→ PROVIDED DATA:
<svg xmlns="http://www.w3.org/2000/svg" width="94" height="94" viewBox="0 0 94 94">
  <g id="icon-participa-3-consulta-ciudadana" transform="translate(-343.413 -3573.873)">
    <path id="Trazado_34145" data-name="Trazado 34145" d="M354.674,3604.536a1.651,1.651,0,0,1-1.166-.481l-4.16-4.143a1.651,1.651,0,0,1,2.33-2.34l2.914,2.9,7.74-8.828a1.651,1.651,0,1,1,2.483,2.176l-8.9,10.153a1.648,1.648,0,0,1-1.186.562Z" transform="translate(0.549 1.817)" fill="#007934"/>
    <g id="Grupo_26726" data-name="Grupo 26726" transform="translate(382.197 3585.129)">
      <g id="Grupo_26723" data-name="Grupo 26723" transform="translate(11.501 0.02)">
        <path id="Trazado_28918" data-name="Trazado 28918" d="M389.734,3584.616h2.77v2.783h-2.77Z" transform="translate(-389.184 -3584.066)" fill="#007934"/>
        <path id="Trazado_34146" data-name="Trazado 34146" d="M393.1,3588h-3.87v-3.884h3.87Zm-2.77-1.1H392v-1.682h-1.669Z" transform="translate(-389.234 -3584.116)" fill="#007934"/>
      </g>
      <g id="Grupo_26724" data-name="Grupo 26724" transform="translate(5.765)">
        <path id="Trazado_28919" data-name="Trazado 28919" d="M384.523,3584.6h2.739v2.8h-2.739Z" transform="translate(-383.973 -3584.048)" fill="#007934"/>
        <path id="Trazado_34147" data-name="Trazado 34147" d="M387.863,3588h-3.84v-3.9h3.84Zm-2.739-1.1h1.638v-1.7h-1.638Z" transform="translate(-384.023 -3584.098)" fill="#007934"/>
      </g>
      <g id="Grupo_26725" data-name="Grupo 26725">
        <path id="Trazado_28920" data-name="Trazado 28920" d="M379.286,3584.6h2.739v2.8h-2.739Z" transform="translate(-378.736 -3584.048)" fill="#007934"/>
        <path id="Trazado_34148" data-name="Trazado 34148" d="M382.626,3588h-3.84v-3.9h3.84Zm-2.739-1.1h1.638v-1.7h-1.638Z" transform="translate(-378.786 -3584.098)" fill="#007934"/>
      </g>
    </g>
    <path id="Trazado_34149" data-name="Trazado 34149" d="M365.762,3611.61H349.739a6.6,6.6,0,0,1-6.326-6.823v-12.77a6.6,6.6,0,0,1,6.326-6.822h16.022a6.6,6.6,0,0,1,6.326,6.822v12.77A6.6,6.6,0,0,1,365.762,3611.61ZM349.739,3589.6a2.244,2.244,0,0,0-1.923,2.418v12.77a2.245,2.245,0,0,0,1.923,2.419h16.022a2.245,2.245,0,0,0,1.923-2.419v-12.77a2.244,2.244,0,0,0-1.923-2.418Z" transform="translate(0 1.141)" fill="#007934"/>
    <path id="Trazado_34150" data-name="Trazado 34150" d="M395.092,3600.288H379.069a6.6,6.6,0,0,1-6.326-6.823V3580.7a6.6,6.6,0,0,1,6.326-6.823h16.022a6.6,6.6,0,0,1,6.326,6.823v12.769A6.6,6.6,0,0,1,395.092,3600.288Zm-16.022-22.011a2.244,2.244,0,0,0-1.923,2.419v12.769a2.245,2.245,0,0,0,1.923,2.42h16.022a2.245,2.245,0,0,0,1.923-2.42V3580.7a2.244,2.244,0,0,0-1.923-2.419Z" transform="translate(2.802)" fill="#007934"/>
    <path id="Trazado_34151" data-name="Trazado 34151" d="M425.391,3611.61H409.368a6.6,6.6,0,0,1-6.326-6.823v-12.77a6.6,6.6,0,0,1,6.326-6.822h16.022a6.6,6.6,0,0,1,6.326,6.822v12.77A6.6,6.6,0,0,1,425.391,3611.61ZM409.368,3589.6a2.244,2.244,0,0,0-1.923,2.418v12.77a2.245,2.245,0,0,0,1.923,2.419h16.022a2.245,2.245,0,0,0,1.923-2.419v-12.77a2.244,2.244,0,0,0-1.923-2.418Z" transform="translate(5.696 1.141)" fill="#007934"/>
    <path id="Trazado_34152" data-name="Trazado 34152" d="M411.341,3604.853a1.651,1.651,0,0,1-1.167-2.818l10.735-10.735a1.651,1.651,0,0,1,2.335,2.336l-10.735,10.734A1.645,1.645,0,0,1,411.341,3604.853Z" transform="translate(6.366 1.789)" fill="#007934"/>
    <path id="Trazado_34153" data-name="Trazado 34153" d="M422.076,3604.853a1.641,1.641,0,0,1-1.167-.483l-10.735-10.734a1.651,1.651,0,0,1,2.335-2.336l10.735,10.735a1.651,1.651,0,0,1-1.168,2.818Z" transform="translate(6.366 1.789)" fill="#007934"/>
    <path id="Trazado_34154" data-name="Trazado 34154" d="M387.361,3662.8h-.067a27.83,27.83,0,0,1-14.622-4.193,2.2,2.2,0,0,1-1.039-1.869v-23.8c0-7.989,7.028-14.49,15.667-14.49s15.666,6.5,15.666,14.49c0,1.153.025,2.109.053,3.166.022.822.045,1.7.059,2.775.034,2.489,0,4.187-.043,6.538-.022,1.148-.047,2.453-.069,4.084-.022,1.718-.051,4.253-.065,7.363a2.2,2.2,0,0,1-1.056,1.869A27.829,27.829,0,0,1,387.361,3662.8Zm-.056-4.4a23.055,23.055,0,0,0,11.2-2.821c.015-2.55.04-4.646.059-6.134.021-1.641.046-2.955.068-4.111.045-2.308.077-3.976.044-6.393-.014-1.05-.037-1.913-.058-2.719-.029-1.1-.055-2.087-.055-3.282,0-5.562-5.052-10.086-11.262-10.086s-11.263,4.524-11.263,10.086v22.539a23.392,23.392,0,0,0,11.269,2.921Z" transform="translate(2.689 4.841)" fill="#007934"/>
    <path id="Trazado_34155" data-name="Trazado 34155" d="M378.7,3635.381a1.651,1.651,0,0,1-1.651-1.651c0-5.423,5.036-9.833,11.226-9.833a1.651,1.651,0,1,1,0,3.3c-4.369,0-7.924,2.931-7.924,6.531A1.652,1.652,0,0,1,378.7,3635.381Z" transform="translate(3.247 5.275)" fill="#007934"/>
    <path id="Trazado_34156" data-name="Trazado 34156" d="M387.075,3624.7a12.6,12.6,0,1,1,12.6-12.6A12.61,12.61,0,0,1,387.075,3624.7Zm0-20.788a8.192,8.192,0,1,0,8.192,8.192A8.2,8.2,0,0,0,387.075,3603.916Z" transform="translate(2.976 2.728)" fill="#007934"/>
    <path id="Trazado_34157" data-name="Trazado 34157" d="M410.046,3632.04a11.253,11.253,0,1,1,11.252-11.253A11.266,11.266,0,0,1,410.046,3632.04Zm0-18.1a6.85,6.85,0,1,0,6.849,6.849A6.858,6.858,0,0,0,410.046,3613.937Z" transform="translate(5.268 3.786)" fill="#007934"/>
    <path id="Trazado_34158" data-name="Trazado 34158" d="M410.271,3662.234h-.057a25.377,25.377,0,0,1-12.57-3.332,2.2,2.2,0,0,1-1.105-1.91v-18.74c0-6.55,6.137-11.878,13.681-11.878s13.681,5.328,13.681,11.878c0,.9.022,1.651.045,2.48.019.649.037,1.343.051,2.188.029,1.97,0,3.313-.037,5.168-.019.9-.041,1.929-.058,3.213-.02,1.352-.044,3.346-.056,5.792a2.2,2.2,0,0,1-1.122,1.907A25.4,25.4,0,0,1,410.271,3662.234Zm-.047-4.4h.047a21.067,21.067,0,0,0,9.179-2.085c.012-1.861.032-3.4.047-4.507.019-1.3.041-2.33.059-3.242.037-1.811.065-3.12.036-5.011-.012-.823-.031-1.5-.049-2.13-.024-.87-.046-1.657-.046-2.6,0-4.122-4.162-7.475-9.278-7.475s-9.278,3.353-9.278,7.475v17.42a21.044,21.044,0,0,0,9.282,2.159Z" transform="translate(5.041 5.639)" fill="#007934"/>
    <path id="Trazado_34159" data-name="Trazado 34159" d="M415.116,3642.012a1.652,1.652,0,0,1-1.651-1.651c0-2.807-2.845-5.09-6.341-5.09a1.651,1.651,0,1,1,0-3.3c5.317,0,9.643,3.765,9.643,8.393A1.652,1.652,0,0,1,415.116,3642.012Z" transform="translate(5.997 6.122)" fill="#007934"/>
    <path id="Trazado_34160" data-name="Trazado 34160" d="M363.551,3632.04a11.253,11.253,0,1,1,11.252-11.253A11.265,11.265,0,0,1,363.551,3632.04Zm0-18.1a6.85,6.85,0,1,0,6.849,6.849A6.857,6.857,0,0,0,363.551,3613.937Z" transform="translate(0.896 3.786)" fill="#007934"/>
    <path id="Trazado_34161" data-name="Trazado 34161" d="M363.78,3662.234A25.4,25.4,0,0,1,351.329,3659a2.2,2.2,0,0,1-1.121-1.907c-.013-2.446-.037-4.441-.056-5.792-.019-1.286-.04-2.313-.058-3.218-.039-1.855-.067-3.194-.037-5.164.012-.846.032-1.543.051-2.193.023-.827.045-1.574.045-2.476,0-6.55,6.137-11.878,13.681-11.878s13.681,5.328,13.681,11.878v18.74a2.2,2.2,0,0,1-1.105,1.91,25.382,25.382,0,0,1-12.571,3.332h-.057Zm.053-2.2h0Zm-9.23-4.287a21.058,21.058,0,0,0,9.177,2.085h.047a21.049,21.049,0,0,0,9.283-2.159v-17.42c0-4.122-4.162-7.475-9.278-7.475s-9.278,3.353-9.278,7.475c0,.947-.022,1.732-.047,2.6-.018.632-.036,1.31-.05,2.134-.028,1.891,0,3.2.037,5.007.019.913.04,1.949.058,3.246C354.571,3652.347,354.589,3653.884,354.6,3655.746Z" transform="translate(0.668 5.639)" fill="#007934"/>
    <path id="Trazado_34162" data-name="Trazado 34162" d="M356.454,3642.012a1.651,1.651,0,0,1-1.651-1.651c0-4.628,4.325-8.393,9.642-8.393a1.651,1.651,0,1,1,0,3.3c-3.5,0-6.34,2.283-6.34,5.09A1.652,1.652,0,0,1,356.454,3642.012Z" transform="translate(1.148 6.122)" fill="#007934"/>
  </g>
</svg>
==
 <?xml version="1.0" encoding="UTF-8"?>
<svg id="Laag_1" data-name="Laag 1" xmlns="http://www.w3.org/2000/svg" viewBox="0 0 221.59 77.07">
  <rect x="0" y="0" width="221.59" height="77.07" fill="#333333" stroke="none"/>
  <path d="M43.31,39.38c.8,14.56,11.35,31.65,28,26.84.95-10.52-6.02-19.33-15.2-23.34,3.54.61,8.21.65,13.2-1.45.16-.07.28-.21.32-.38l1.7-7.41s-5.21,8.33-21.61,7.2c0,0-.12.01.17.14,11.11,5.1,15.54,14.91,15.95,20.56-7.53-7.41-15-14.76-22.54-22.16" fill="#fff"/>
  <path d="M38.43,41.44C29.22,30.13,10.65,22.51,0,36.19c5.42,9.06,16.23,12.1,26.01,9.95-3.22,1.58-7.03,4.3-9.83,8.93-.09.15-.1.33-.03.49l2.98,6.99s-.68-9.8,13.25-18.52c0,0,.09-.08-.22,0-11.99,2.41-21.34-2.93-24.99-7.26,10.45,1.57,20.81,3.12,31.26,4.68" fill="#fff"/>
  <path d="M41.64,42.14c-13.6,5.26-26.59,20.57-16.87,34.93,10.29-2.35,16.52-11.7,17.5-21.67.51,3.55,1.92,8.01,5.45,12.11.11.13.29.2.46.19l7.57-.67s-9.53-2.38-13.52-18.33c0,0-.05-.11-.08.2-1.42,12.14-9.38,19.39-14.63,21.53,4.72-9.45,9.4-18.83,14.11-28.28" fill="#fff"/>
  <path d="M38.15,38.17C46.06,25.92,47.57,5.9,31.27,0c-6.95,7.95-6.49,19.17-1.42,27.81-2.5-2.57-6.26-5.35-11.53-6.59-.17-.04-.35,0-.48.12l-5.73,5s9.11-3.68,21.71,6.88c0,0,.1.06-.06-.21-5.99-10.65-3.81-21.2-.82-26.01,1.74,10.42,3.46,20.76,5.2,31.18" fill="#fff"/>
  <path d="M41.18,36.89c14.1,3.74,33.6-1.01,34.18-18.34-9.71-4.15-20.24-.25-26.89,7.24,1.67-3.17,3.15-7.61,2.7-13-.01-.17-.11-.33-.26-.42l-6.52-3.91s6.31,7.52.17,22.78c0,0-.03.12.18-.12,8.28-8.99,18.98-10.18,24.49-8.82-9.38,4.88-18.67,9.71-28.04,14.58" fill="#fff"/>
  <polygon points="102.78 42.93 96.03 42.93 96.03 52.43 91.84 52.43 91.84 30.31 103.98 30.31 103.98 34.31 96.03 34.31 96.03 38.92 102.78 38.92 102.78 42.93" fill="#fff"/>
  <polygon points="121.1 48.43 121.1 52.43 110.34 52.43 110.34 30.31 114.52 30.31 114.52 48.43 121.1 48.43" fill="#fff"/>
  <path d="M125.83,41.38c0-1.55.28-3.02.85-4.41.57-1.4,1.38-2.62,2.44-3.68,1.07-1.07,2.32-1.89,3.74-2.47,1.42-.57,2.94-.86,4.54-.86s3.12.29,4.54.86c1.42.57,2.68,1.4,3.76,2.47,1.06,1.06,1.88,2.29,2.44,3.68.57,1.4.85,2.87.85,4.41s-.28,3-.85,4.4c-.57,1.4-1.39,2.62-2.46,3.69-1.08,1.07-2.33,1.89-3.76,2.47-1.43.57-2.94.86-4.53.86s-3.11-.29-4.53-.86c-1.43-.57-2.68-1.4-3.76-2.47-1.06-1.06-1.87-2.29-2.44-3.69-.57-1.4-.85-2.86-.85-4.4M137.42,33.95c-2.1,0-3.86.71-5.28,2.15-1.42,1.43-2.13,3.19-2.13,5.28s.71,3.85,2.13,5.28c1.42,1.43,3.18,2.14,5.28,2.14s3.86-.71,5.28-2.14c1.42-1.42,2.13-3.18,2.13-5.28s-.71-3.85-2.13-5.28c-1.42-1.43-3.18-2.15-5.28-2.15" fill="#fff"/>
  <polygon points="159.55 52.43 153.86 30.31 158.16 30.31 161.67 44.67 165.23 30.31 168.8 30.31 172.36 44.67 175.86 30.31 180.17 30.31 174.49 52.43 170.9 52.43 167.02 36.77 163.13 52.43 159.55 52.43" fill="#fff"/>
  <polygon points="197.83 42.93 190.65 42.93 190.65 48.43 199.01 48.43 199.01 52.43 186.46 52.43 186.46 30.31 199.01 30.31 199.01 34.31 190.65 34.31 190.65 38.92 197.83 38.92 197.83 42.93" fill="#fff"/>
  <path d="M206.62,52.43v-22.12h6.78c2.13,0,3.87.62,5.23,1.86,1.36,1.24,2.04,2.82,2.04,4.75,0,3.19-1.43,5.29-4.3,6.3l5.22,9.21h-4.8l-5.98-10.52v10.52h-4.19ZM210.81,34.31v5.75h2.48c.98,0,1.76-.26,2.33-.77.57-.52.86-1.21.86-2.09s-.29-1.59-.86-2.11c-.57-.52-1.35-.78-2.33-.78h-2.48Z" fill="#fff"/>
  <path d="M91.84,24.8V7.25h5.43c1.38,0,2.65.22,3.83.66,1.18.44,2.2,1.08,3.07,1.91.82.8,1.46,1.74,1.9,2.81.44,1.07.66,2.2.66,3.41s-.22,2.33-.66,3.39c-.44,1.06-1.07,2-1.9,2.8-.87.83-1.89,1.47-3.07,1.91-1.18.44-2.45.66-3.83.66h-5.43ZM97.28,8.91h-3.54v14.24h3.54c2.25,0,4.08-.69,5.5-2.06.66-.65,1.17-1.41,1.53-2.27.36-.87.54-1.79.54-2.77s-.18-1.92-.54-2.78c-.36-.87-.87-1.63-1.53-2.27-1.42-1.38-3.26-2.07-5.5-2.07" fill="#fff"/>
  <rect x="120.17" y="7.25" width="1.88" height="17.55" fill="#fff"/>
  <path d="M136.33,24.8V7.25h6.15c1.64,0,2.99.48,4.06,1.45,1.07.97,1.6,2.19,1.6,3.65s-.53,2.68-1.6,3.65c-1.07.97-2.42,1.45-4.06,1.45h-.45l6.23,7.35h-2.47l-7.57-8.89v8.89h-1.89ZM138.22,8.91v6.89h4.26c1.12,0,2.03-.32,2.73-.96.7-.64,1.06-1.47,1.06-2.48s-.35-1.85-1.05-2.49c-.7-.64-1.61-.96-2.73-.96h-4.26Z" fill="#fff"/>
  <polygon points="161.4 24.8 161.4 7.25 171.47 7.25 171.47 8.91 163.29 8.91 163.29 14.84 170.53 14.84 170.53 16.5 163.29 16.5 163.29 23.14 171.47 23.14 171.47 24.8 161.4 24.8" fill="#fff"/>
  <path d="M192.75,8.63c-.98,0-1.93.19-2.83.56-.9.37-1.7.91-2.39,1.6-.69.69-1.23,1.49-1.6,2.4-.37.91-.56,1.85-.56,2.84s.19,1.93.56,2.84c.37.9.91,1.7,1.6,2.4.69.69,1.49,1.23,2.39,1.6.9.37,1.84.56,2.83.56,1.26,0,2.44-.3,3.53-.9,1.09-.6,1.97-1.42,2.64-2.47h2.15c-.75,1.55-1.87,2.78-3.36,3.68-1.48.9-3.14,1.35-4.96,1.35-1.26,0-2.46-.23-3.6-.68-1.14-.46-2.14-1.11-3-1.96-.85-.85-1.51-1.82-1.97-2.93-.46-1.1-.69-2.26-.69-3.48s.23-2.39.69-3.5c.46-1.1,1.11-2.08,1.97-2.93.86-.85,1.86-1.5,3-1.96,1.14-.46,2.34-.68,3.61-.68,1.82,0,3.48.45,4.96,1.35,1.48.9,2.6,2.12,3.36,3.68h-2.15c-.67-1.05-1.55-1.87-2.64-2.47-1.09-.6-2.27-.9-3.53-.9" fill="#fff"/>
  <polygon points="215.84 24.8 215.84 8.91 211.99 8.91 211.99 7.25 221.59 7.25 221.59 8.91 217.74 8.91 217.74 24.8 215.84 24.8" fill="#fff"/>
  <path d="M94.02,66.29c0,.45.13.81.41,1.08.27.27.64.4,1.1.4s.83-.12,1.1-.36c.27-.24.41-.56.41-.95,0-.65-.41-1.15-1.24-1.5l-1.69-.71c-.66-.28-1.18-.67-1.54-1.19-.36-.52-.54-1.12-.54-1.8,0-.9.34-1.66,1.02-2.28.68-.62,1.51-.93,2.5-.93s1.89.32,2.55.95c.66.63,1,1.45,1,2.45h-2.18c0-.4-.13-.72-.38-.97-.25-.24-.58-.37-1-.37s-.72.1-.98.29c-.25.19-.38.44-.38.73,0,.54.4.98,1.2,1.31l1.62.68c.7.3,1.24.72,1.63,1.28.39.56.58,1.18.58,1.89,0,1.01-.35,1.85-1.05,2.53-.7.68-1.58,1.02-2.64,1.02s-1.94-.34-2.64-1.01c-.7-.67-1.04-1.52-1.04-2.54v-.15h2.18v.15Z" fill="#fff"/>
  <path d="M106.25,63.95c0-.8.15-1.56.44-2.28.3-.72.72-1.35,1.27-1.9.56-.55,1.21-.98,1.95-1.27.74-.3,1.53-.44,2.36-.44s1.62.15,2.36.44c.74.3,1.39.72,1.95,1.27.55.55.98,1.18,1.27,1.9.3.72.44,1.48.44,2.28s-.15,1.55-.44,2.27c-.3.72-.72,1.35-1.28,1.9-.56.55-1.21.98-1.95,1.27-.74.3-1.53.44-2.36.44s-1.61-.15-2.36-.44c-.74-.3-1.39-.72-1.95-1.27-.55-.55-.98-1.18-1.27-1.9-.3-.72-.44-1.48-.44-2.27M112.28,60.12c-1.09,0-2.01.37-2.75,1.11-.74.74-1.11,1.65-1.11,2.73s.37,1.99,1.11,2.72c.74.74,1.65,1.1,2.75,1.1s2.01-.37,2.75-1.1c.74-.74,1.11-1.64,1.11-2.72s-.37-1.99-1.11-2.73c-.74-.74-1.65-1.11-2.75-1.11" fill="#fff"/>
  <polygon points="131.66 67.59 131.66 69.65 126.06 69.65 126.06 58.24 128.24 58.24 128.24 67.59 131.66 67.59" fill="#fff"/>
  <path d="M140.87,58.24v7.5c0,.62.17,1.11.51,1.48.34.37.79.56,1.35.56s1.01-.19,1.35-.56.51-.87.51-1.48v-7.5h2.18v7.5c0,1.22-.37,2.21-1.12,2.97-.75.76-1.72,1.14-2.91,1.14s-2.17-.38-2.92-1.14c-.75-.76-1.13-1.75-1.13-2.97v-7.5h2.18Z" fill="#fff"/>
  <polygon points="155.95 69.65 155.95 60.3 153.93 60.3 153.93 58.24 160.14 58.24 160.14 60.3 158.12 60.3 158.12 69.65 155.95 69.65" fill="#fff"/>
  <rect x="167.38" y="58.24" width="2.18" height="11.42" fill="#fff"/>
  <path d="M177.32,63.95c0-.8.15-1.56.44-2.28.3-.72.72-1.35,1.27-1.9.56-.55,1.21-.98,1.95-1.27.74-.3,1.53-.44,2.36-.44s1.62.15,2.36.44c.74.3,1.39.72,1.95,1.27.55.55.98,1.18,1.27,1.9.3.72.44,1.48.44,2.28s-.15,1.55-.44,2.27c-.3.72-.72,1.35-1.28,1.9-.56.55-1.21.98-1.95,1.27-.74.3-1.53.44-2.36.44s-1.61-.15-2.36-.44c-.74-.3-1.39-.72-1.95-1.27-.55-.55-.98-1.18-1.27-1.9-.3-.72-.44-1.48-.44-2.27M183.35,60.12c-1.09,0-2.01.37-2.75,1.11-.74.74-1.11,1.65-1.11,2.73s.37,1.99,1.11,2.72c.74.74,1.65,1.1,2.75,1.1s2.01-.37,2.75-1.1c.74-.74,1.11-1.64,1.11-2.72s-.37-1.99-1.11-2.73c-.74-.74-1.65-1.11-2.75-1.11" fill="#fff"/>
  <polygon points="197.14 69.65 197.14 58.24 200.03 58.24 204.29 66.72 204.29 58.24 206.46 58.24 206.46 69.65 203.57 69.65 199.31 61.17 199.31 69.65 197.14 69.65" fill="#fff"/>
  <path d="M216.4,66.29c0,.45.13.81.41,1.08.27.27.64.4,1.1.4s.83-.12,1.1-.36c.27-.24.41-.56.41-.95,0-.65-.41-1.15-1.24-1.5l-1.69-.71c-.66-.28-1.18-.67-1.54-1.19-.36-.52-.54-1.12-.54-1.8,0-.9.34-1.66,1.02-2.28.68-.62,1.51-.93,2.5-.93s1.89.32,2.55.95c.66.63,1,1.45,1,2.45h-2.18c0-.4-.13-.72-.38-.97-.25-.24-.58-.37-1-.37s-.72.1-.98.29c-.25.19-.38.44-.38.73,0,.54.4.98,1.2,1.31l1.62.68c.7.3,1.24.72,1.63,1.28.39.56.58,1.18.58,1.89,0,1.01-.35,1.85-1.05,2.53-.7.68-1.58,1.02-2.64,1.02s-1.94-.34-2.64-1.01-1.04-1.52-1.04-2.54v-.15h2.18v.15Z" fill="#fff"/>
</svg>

→ TASK ITEM: From the records above, how many lines include the word "Grupo"? Only the number is wanted.

→ OUTPUT OF THE EXERCISE: 4